Lengthening the working day, taking the numbers above of 8 hours work, $100 total value produced, $50 in labour-power and $50 in surplus-value. If working day increases by 2 hours, to 10 hours, and the price of labour-power remains the same, the amount of surplus labour increases both absolutely and relatively. There is no absolute change in the value of labour-power, yet relatively it falls. In this condition, “the change in the relative magnitude of labour-power is the result of the change in the absolute magnitude in surplus-value” (p663).

Under the present conditions there is the possibility of an increase in both surplus-value and the price of labour-power.

4 Simultaneous variations in the duration, productivity and intensity of labour

Marx identifies two important combinations here:

Diminishing productivity of labour with simultaneous lengthening of working day. Taking again the numbers above. 8 hours, $50 in labour-power (4 hours necessary labour time @ $12.50 an hour) and surplus value (4 hours surplus labour), $100 in total. If there is a rise in the price of the products of subsistence, i.e. those that determine value of labour-power, such that necessary labour time goes up from 4 to 5 hours, or value of labour-power rises to $62.50, if the length of the working day remains the same (8 hours) the surplus-value goes down to $37.50, or from 4-3 hours. If the day is increased by 1 hour, to 9 hours, the surplus-value returns to $50, or 4 hours surplus, but its relative magnitude will fall against the necessary labour time of 5 hours. If an increase of 1 more hour takes place, the proportions continue unchanged, but the absolute amount of surplus-value is increased.

Increasing intensity and productivity of labour with simultaneous shortening of the working day. Increasing intensity and productivity both reduce the amount of labour necessary to produce subsistence. This leads Marx to comment on the antagonism over time, and the potential of communist time against capitalist time. “If the whole working day were to shrink to the length of its necessary component, surplus labour would vanish, something which is impossible under the regime of capital. Only the abolition of the capitalist form of production would permit the reduction of the working day to necessary labour-time”, but this too would mean an expansion of necessary labour time for two reasons, first because the conditions of life would improve, and because what is considered surplus now count as necessary as it would form a social fund for reserve and accumulation.

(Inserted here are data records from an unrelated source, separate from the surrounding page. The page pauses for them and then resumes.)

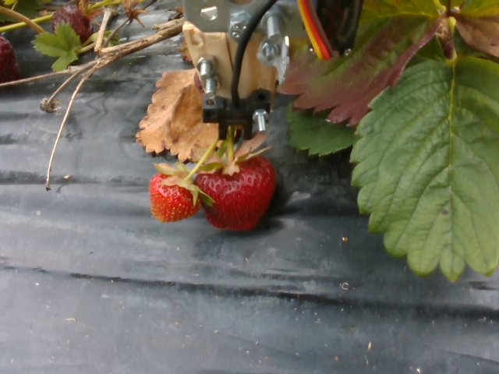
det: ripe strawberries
[204,154,277,228]
[149,165,201,224]
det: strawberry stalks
[177,130,225,189]
[224,122,248,179]
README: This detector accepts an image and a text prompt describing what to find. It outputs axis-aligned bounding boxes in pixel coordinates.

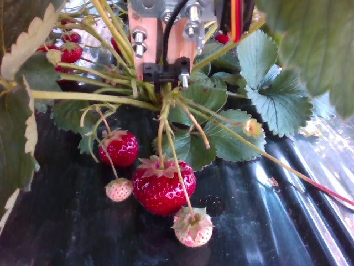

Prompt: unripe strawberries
[105,182,134,201]
[177,207,211,247]
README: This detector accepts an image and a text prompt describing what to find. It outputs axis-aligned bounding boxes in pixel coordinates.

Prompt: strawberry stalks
[173,184,194,224]
[107,158,121,189]
[154,111,170,183]
[96,109,115,139]
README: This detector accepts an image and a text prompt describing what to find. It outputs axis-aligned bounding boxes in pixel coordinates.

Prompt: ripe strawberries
[62,29,82,44]
[59,43,80,60]
[103,132,136,162]
[136,159,195,214]
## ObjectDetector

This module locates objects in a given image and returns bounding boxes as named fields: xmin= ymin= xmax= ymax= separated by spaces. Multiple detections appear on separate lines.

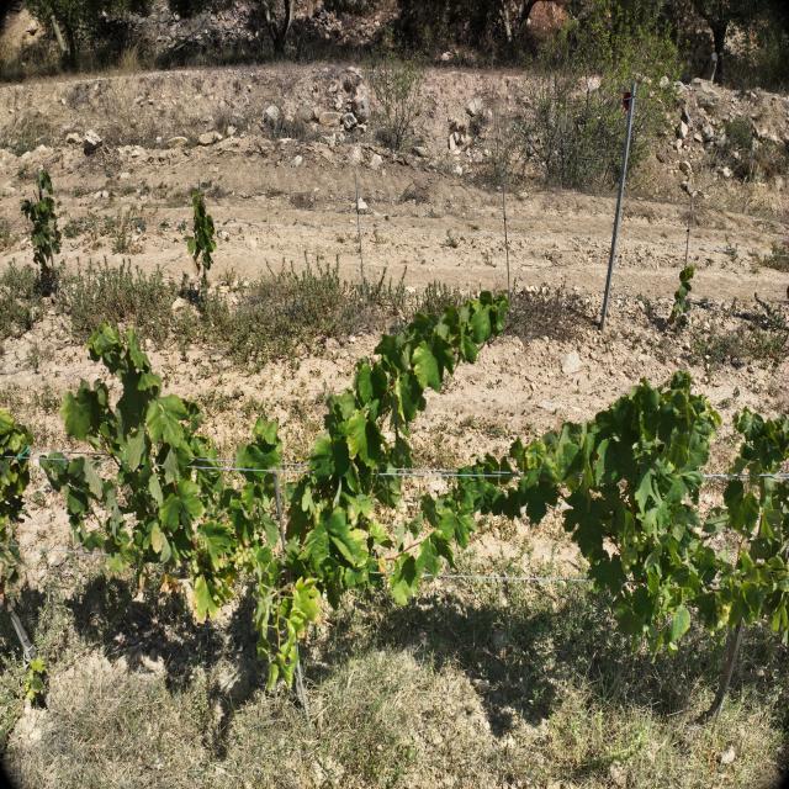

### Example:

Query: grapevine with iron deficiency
xmin=54 ymin=312 xmax=472 ymax=704
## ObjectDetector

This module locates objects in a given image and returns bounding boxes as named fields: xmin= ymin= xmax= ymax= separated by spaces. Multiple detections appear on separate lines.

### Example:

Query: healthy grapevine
xmin=418 ymin=380 xmax=789 ymax=732

“The capitalist mode of production, while it enforces economy in each individual business, also begets, by its anarchic system of competition, the most outrageous squandering of labour-power and of the social means of production, not to mention the creation of a vast number of functions at present indispensable, but in themselves superfluous”.

“In capitalist society, free-time is produced for one class by the conversion of the whole lifetime of the masses into labour-time”. (p667)

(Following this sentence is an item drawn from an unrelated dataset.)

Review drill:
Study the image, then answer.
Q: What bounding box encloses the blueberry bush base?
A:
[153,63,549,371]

Chapter 18 Different Formulae for the Rate of Surplus-Value

Different representations of the rate of surplus-value are given here, which demonstrates the flaws in the approach taken by the classical political economists.

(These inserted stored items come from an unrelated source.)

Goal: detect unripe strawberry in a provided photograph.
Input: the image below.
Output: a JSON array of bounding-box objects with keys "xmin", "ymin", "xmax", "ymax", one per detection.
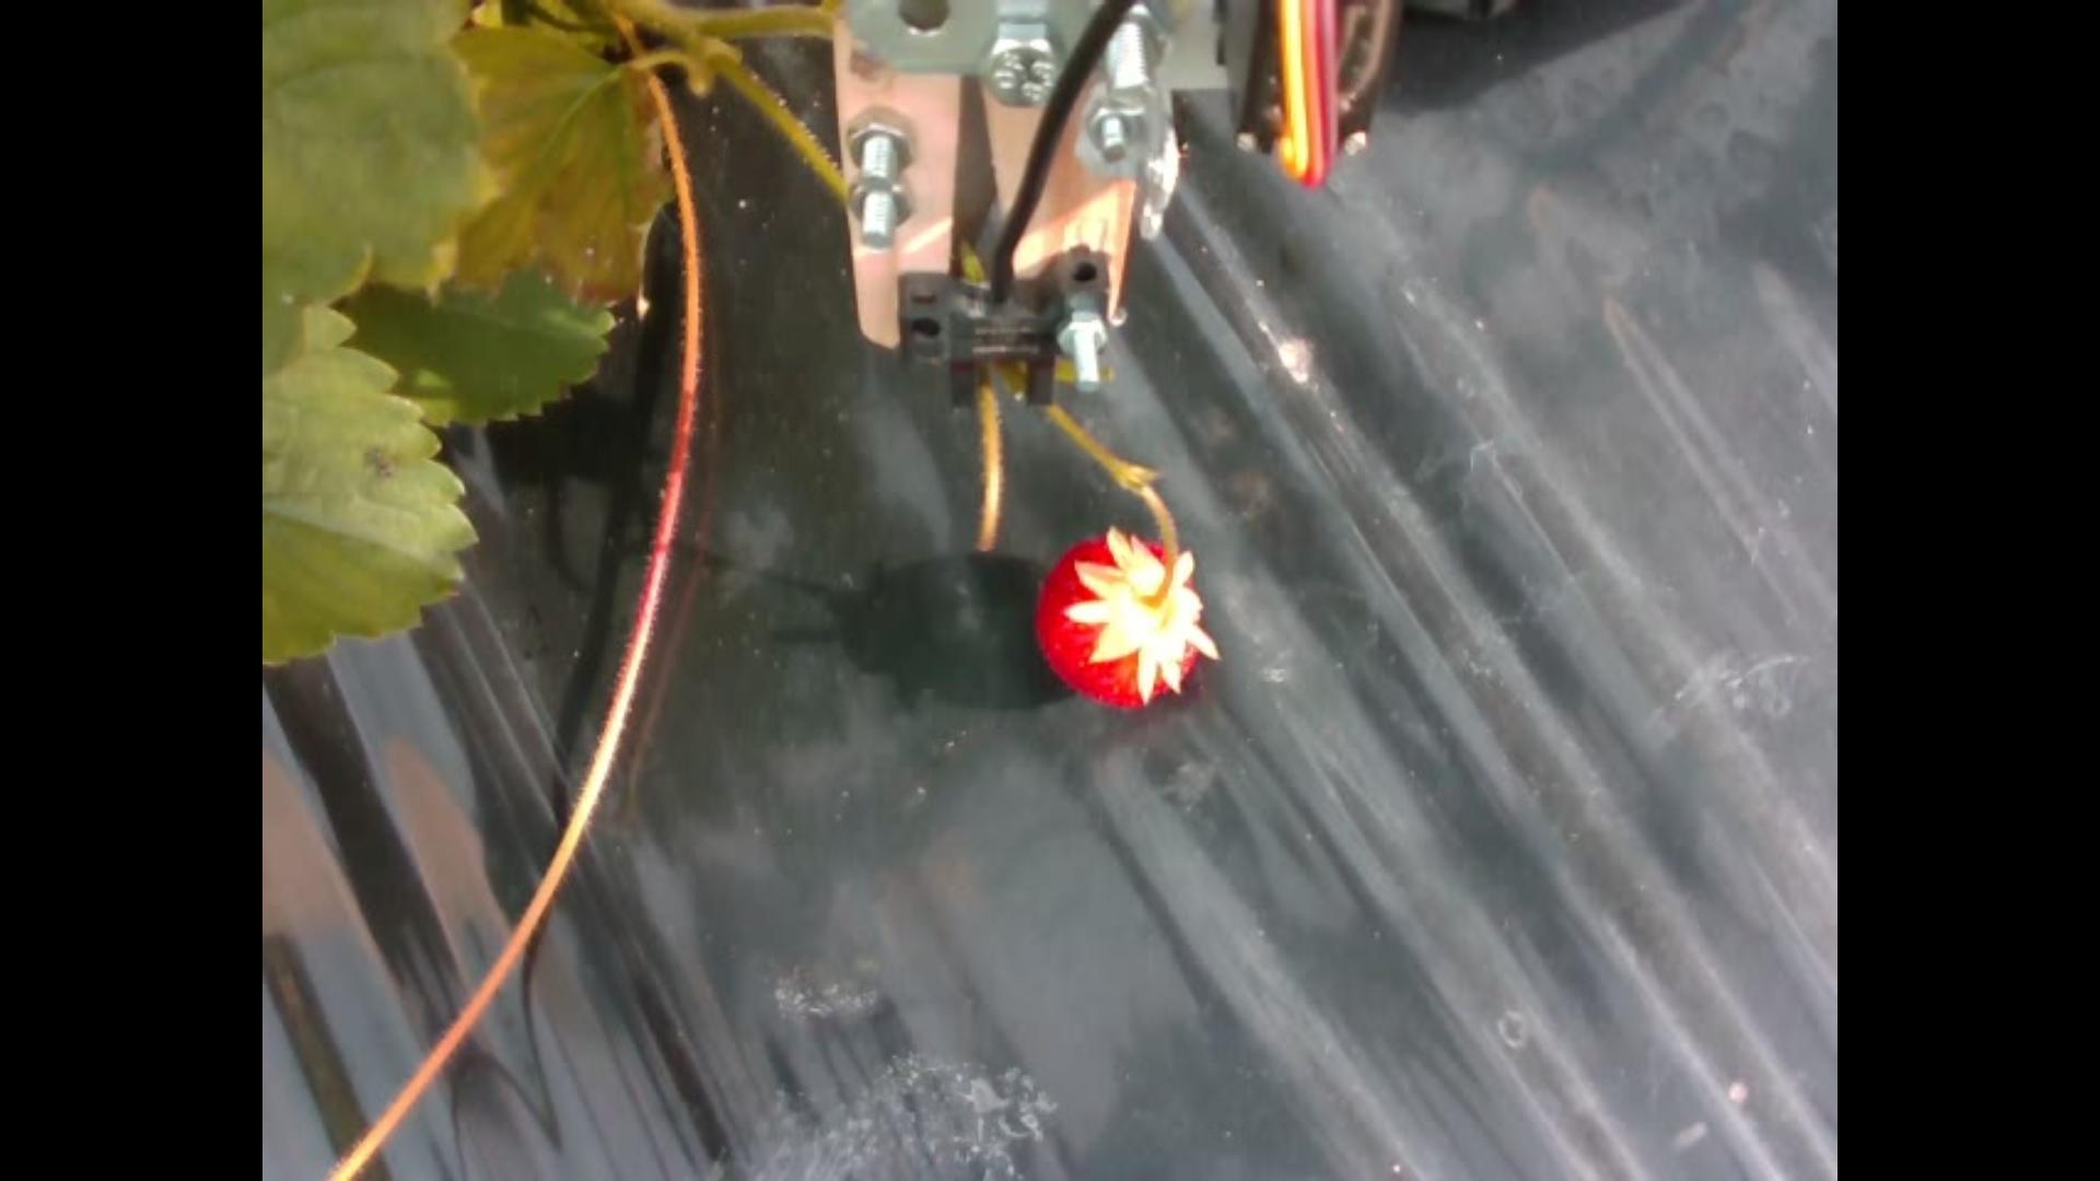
[{"xmin": 1131, "ymin": 497, "xmax": 1191, "ymax": 620}]
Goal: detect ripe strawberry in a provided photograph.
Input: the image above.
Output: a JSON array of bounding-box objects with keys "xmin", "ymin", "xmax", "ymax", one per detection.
[{"xmin": 1041, "ymin": 519, "xmax": 1215, "ymax": 721}]

the formulations of the political economists “conceal the specific character of the capital-relation, namely the fact that variable capital is exchanged for living labour-power, and that the worker is therefore excluded from the product. Instead of revealing the capital-relation they show us the false semblance of a relation of association, in which worker and capitalist divide the product in proportion to the different elements which they respectively contribute towards its formation” (p671). Labour commanded, Smith’s wage, misses the essence of capital. “Capital… is not only the command over labour, as Smith thought. It is essentially command over unpaid labour… The secret of the self-valorisation of capital resolves itself into the fact that it has as its disposal a definite quantity of the unpaid labour of other people” (p672).